Non-Ideal Stoichiometry and Thermochemistry of Aqueous Iridium Oxide Nanoparticles in Proton-Coupled Electron Transfer and Oxygen-Atom Transfer

Abstract

Reported here are reactions of aqueous colloidal IrOx nanoparticles (NPs) with proton-coupled electron transfer (PCET) and oxygen-atom transfer (OAT) organic reagents, determining the reaction stoichiometries and thermochemistry. IrOx have attracted much attention for their high electrocatalytic activity, but understanding of their fundamental reaction chemistry is limited. This IrOx NP model system is simple, with UV-vis titrations demonstrating reversible interconversion between predominantly IrIV and predominantly IrIII NPs. This simplicity allows studies that reveal their complex non-idealities.
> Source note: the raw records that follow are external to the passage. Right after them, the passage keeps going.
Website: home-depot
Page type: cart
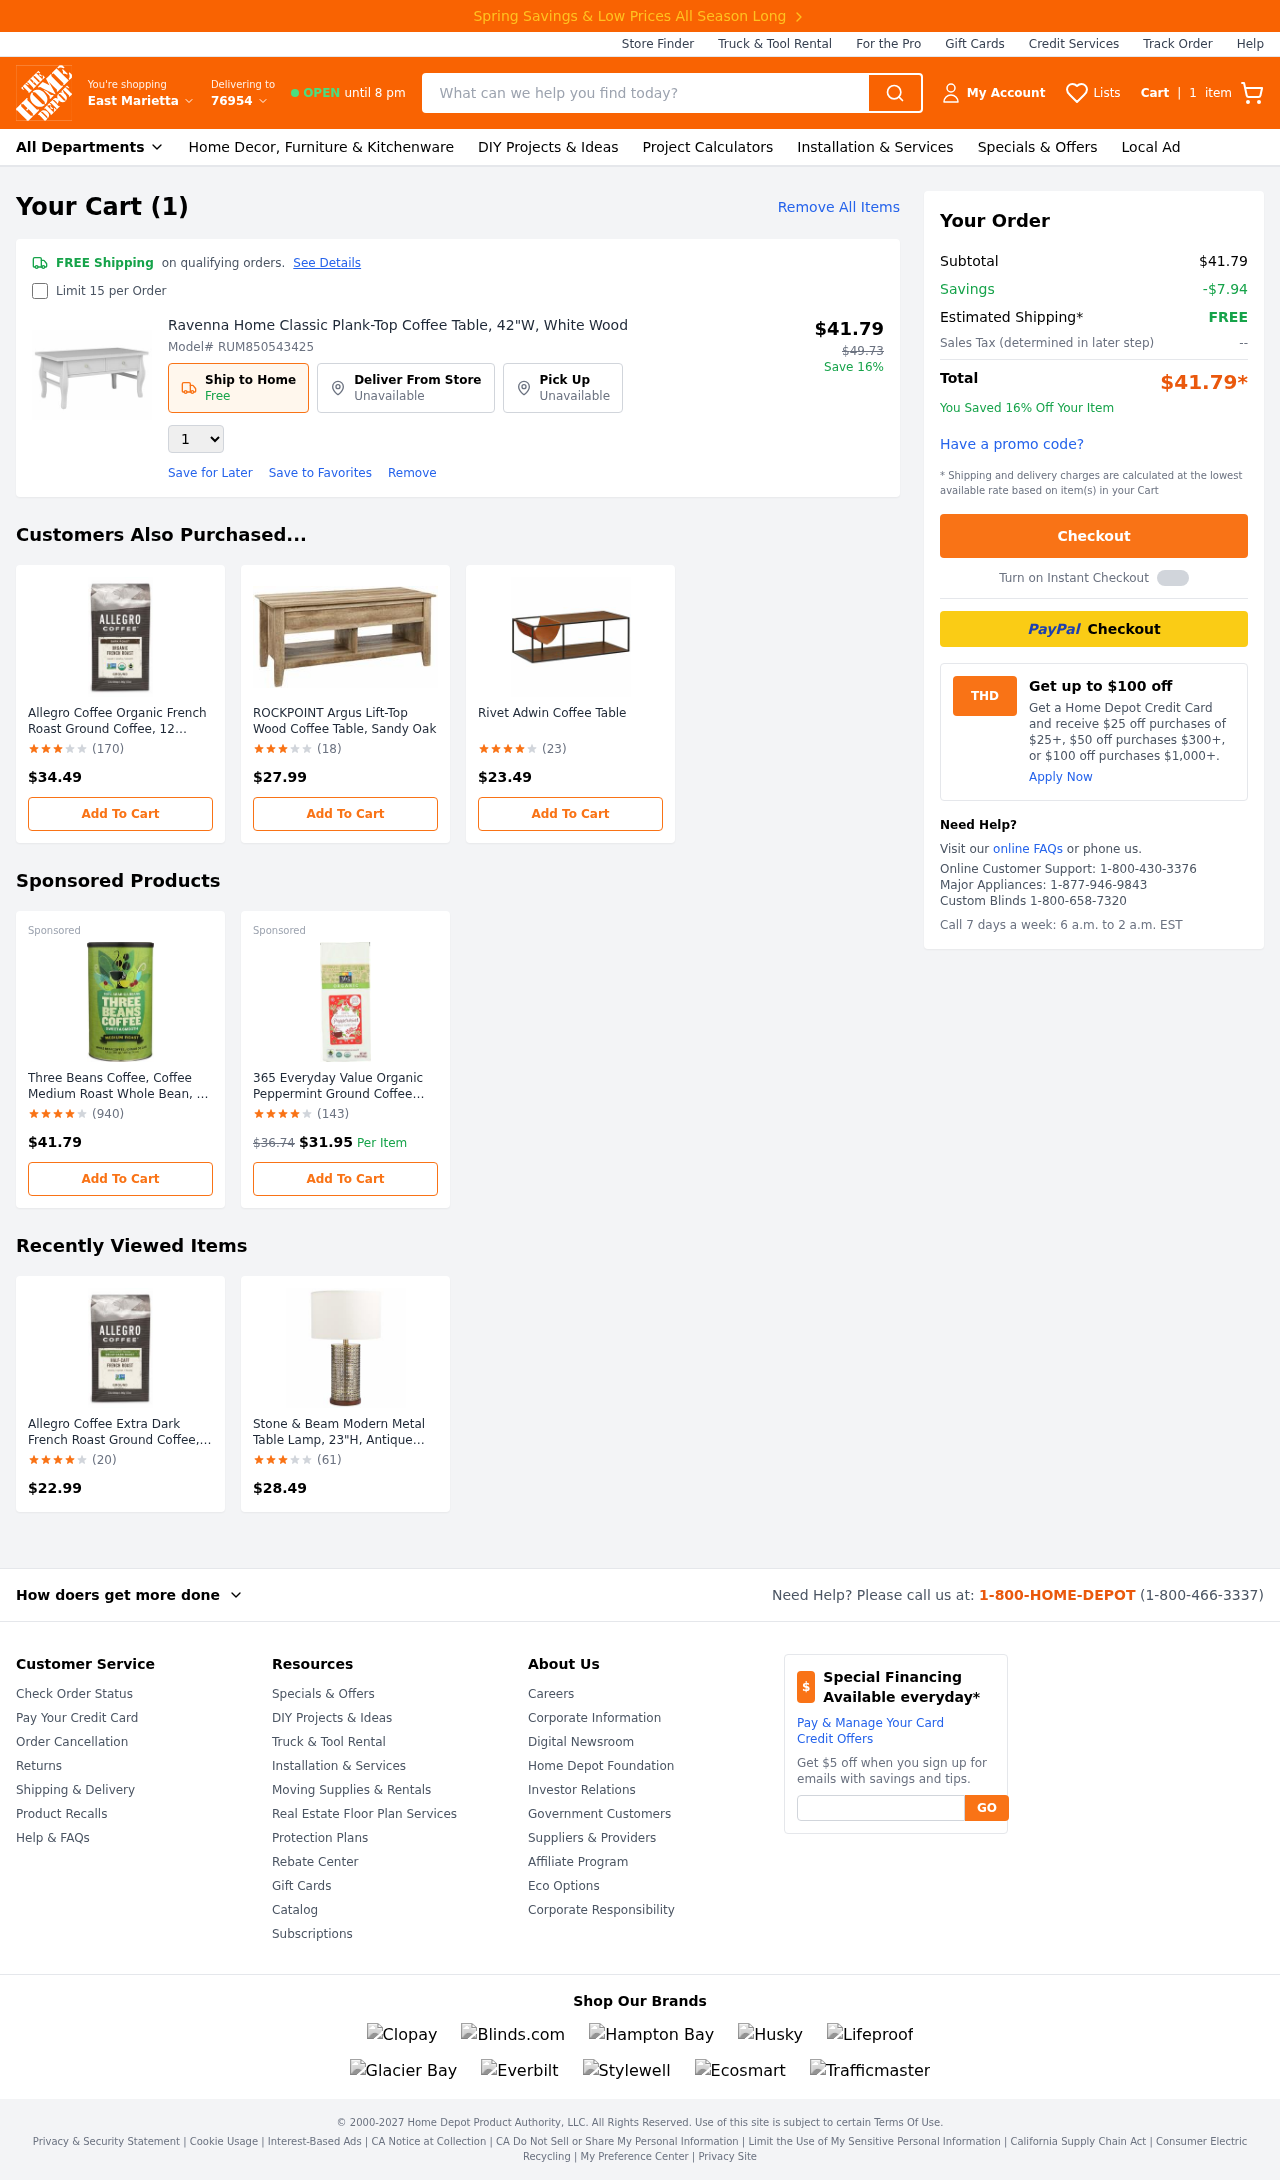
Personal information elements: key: PII_POSTCODE
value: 76954
Product elements: key: PRODUCT1_NAME
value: Ravenna Home Classic Plank-Top Coffee Table, 42"W, White Wood
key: PRODUCT1_PRICE
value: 41.79
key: PRODUCT1_QUANTITY
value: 1
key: PRODUCT2_NAME
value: Allegro Coffee Organic French Roast Ground Coffee, 12 Ounce
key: PRODUCT2_NUM_RATINGS
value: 170
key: PRODUCT2_PRICE
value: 34.49
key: PRODUCT2_RATING
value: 3.9
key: PRODUCT3_NAME
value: ROCKPOINT Argus Lift-Top Wood Coffee Table, Sandy Oak
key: PRODUCT3_NUM_RATINGS
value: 18
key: PRODUCT3_PRICE
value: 27.99
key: PRODUCT3_RATING
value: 3.8
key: PRODUCT4_NAME
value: Rivet Adwin Coffee Table
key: PRODUCT4_NUM_RATINGS
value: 23
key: PRODUCT4_PRICE
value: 23.49
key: PRODUCT4_RATING
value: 4.6
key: PRODUCT5_NAME
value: Three Beans Coffee, Coffee Medium Roast Whole Bean, 14 Ounce
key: PRODUCT5_NUM_RATINGS
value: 940
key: PRODUCT5_PRICE
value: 41.79
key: PRODUCT5_RATING
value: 4.1
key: PRODUCT6_NAME
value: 365 Everyday Value Organic Peppermint Ground Coffee Bag, 12 oz
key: PRODUCT6_NUM_RATINGS
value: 143
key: PRODUCT6_PRICE
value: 31.95
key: PRODUCT6_RATING
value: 4.6
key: PRODUCT7_NAME
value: Allegro Coffee Extra Dark French Roast Ground Coffee, 12 oz
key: PRODUCT7_NUM_RATINGS
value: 20
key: PRODUCT7_PRICE
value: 22.99
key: PRODUCT7_RATING
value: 4.8
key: PRODUCT8_NAME
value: Stone & Beam Modern Metal Table Lamp, 23"H, Antique Brass
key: PRODUCT8_NUM_RATINGS
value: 61
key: PRODUCT8_PRICE
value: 28.49
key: PRODUCT8_RATING
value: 3.8
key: PRODUCT1_ORIGINAL_PRICE
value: $49.73
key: PRODUCT6_ORIGINAL_PRICE
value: $36.74
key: PRODUCT_MODEL_NUMBER
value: RUM850543425
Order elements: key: ORDER_NUM_ITEMS
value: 1
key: ORDER_SUBTOTAL
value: $41.79
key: ORDER_SAVINGS
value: -$7.94
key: ORDER_TOTAL
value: $41.79*
Search elements: key: HEADER_SEARCH
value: What can we help you find today?
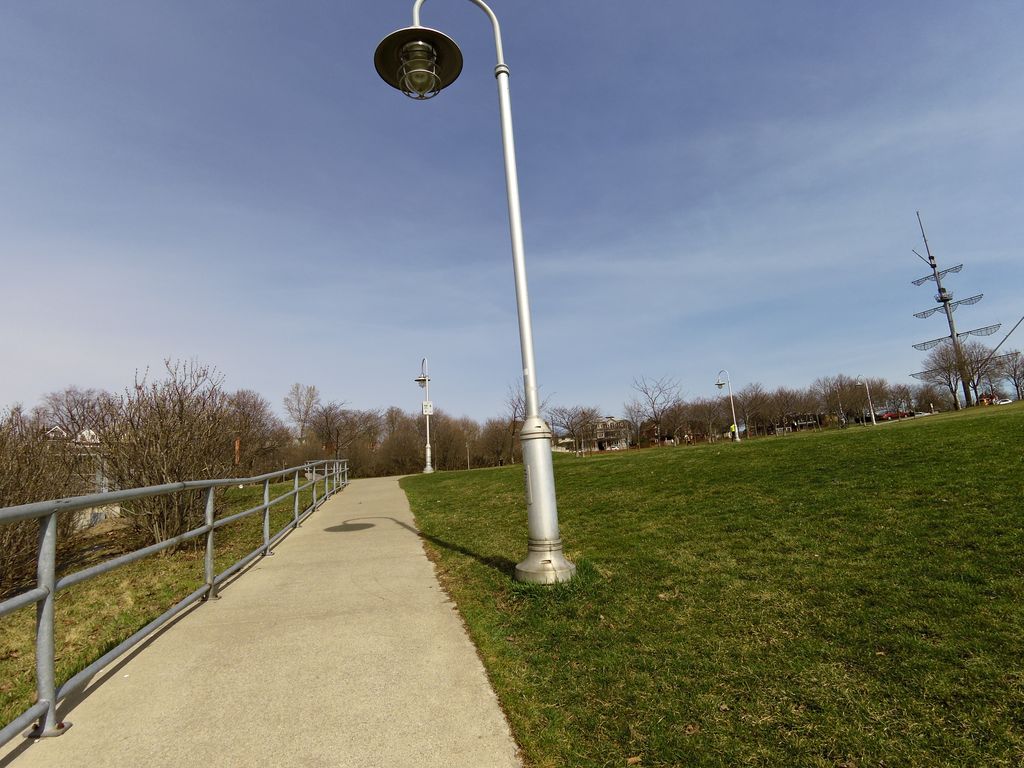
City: hamilton
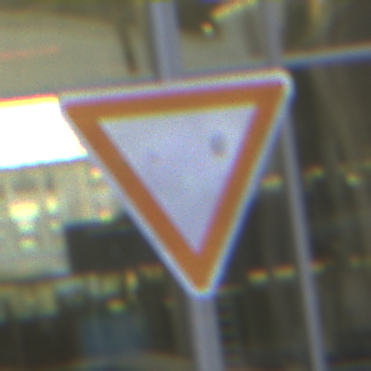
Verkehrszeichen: VorfahrtGewaehren
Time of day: SunriseSunset
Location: Outdoor (Urban)
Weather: PartlyCloudy
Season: NotSpecified
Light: Natural
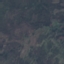
Land use / land cover class: HerbaceousVegetation
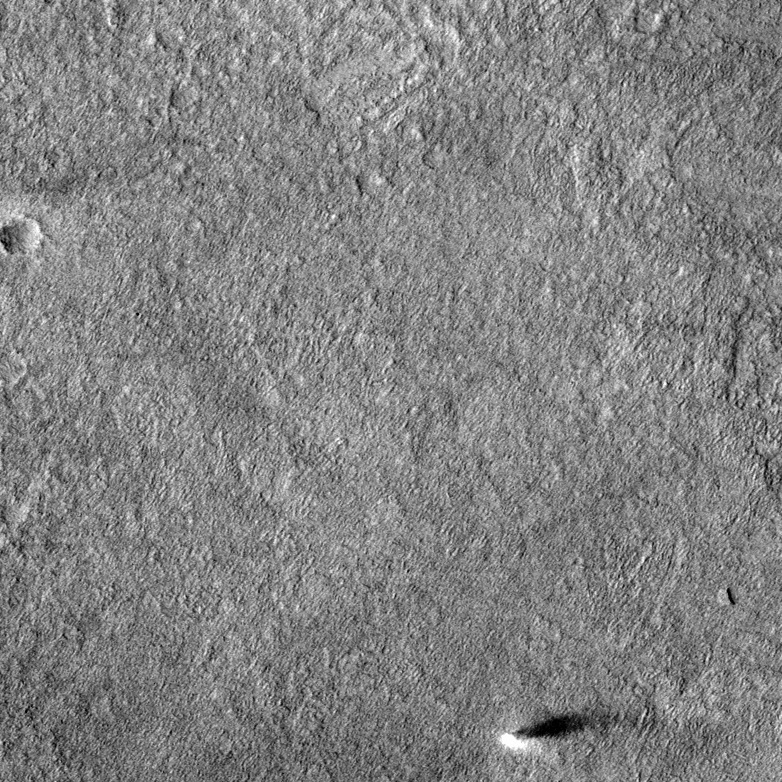
Label: dustdevil
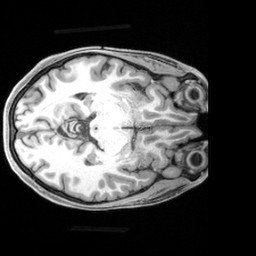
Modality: T1w
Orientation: axial
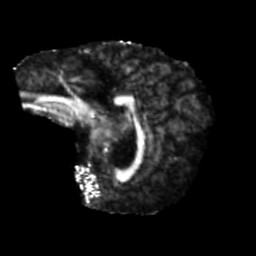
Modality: FA
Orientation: sagittal
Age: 59
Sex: female
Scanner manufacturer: siemens
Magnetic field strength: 3 T
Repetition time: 5.47 s
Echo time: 0.0854 s
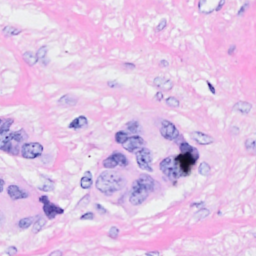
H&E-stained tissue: Breast
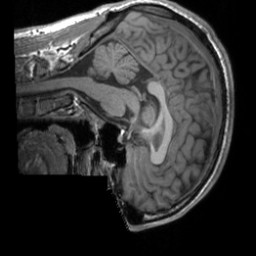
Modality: T1w
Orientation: sagittal
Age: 22
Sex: male
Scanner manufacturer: siemens
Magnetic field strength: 3 T
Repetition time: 1.9 s
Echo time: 0.00226 s
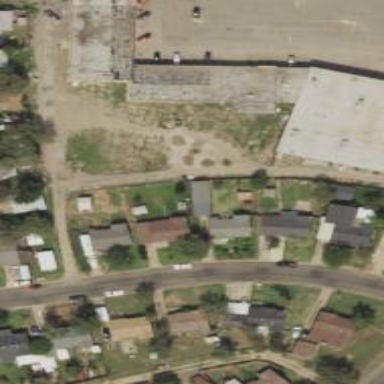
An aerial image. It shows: Alleyway designated as service road.
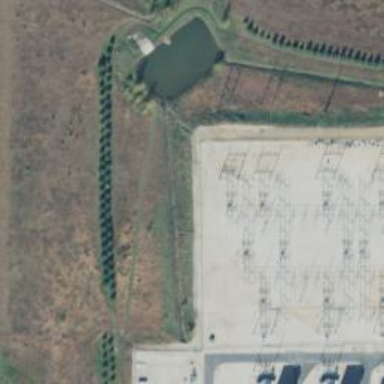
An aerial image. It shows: Switch for power supply.
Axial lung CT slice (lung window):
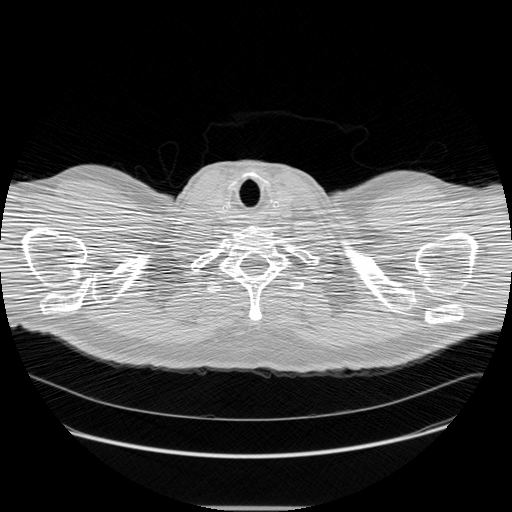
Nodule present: no
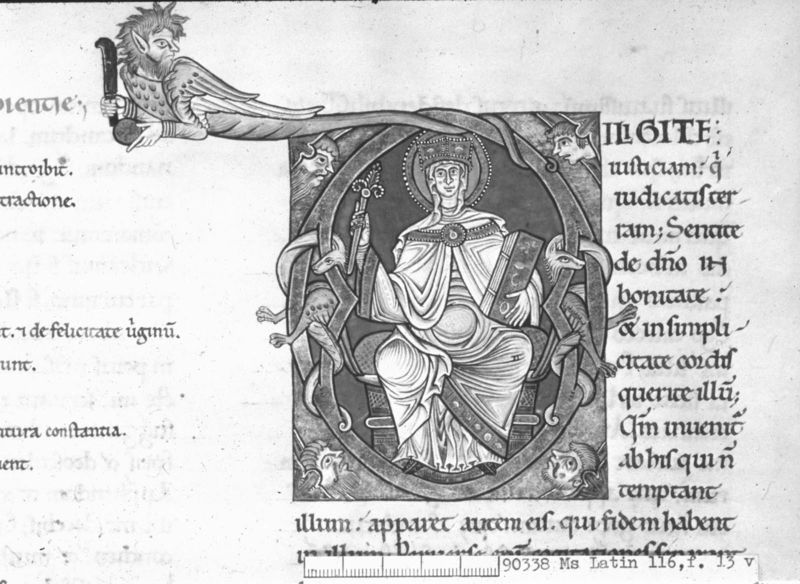
Titel: Miniatur
Institution: Paris, Bibliothèque Nationale
Schlagwörter: flügel, mann, weiß, grau, kleid, köpfe, schwarz, tiere, malerei, gesichter, bibel, gewand, krone, ohren, engel, schrift, könig, verzierung, buch, kloster, kreuz, schwert, text, initiale, dämon, heiligenschein, christus, teufel, königin, heilig, maria, fraktur, satan, zepter, drohen, latein, initial, buchmalerei, beelzebub, skriptorium, o, unziale, halbunziale
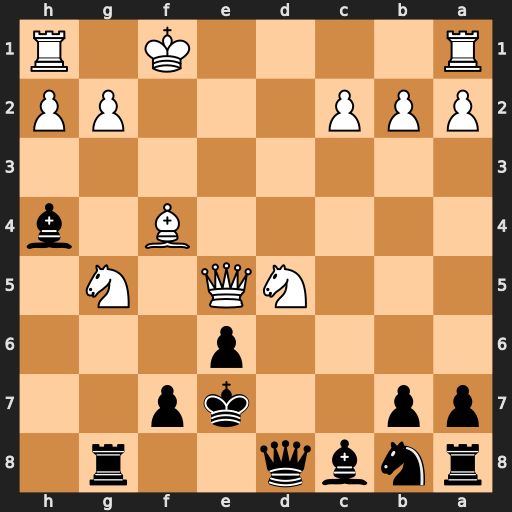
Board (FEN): rnbq2r1/pp2kp2/4p3/3NQ1N1/5B1b/8/PPP3PP/R4K1R
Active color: b
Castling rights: -
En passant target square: -
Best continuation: Qxd5 Qxd5 exd5
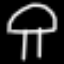
Label: mushroom
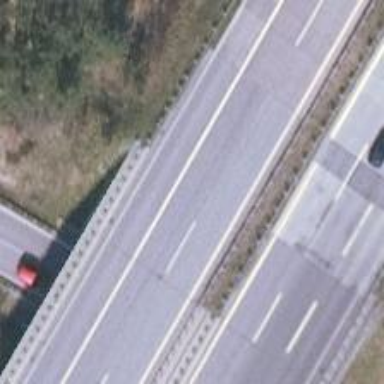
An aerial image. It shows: Asphalt motorway.
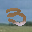
Label: 3
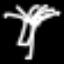
Label: palm tree
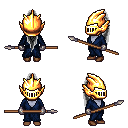
a pixel art fantasy rpg character, female body template, dark elf, purple skin, blue robe, gold greaves, gray extra-long topknot hairstyle, gold helm, metal gloves, brown shoes, spear, four views (front, back, left, right), 2x2 character sprite sheet, small pixel art, hard edges, no anti-aliasing
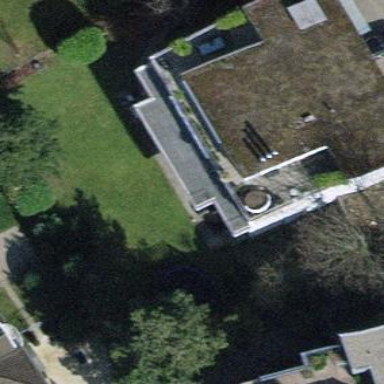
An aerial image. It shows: Building with flat roof oriented across its structure.
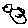
Label: bird
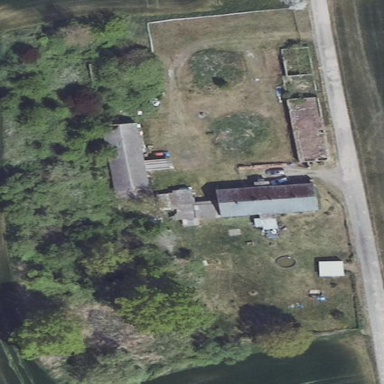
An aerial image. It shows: Farmyard area.
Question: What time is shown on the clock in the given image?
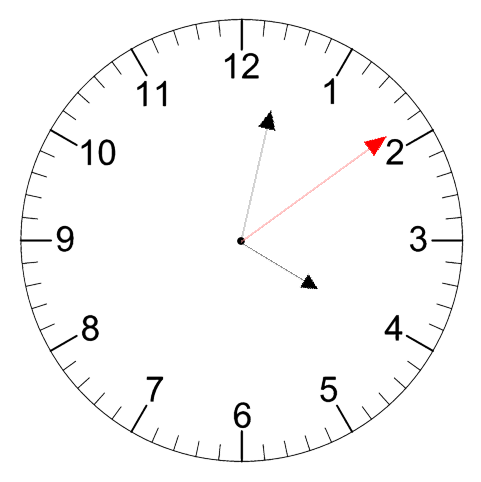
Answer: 04:02:09
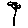
Label: flower
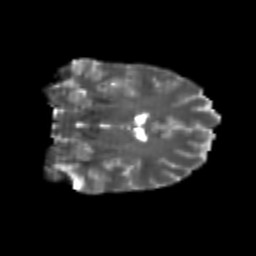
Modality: T2w
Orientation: coronal
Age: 25
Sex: male
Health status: healthy
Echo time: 0.074 s
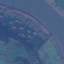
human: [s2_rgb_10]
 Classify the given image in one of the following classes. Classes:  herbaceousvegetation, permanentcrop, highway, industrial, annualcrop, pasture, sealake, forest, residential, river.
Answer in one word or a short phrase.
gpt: River
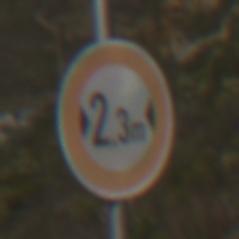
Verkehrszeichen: TatsaechlicheBreite2Komma3
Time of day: MorningAfternoon
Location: Outdoor (RoadRail)
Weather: PartlyCloudy
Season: NotSpecified
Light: Natural
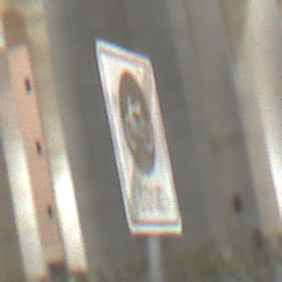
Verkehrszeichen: EndeFahrradzone
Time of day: Night
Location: Outdoor (Urban)
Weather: PartlyCloudy
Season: NotSpecified
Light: Artificial
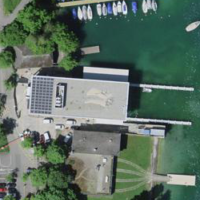
EUNIS habitat code: 55
Species observed at this site:
Tussilago farfara
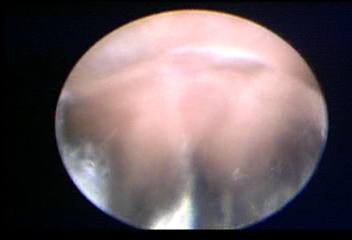
Modality: WLC
Class: Normal mucosa
Bladder cancer association: No
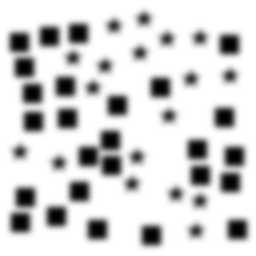
Squares: 26
Triangles: 0
Stars: 18
Total shapes: 44

The NP redox chemistry has a “super-Nernstian” stoichiometry of ~1.3 H+ per 1 e- transferred during both PCET and OAT reactions, as measured with electrochemistry and chemical methods. Spectro-electrochemistry revealed a broad distribution of surface IrOx-H bond dissociation free energies (BDFE), becoming weaker as more H is added. Such variation in binding strengths—a non-ideal binding isotherm–is common for surface adsorbates. For IrOx, the variation of BDFE(IrO–H)s is fit well to a Frumkin isotherm with a width of 6.5 kcal mol-1. For OAT from the reactive oxygen atoms of IrOx NPs, bracketing experiments gave 93 ± 24 kcal mol-1 for the average BDFE(OxIr–O), with a predicted spread much larger than that for the BDFE(IrO–H). Taken together, the results show the importance of non-ideal stoichiometry and thermochemistry for IrOx NPs, and they open a path to more complete models to understand catalytic redox reactions at such surfaces.